Fernando Alonso was delighted to be back in Formula 1 action on Friday in Bahrain, but he has not quite maxed out the Alpine yet.
After two seasons away from the series Alonso makes his return with Alpine, the team which he won both World Championships with in 2005 and 2006 when they were known as Renault.
And on his first Friday back on the job the Spaniard was able to sign off for the day in P15, but less than a second down on the P1 time.
“It felt amazing to be back,” he told reporters in the paddock after FP2.
“You feel different from testing, racing is racing and today I had that feeling. I enjoyed so much the two sessions and I’m still working with the team to fine-tune the setup.
“It’s different conditions to testing, but as I said I really enjoyed every lap.”

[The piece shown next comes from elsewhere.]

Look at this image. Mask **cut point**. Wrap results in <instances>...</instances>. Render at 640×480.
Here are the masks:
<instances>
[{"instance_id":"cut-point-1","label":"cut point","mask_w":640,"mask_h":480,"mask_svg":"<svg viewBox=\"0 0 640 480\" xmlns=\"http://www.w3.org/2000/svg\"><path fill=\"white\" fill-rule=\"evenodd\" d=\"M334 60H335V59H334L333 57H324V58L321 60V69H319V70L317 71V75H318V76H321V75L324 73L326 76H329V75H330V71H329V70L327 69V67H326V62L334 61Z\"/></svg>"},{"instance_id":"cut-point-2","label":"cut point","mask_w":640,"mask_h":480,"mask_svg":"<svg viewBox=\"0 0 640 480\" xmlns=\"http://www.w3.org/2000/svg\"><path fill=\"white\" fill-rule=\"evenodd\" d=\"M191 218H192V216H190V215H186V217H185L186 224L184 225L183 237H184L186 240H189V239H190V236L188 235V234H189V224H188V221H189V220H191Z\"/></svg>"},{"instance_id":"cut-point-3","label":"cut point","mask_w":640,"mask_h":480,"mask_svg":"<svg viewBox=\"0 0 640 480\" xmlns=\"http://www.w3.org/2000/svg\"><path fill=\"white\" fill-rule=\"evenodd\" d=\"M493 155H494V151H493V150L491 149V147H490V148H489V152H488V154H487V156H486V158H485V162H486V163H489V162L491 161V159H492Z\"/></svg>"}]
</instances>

Asked if there was more pace to come from the A521, Alonso replied: “I think we have something in the pocket to be honest because the balance is different to the test, so we are working around the setup to fine-tune the balance.
“I think we have good ideas for tomorrow, so I’m confident that we can do a good job tomorrow.”
Alonso’s team-mate Esteban Ocon, who finished FP2 a tenth-and-a-half up on the Spaniard, expects the midfield battle to be super tight throughout the season.
“It will be, it will be the whole year I think, detail is going to make the difference again,” he explained.
“But it’s early days, I think the good thing for us is since day one, since we got that new car we’ve been making progress, we’ve been understanding a lot of things, and we’ve been taking the car a step each day.
“Obviously what it is important is tomorrow so that is what we are going to try to push and be competitive.
“The aim is to be competitive, is to fight in the top 10. We want to score points, we want to be in that Q3, it’s going to be hard but we’re going to push now.”
Asked if the top 10 was a realistic target both for qualifying and the race, Ocon said: “Definitely. We have the capability in our hands, we need to get the maximum out of the car and it is tomorrow that we can do it.”
For 2021 there has been an hour shaved off the overall testing time, with the two sessions cut from 90 minutes to 60, but Ocon is a fan of this format.
“Quite challenging, but I like the format because I think you can focus more on the details,” he explained.
“Obviously you have less runs, less laps to analyse, so I think you can be more precise on what you do, so it is a little bit easier I feel and I like the format.”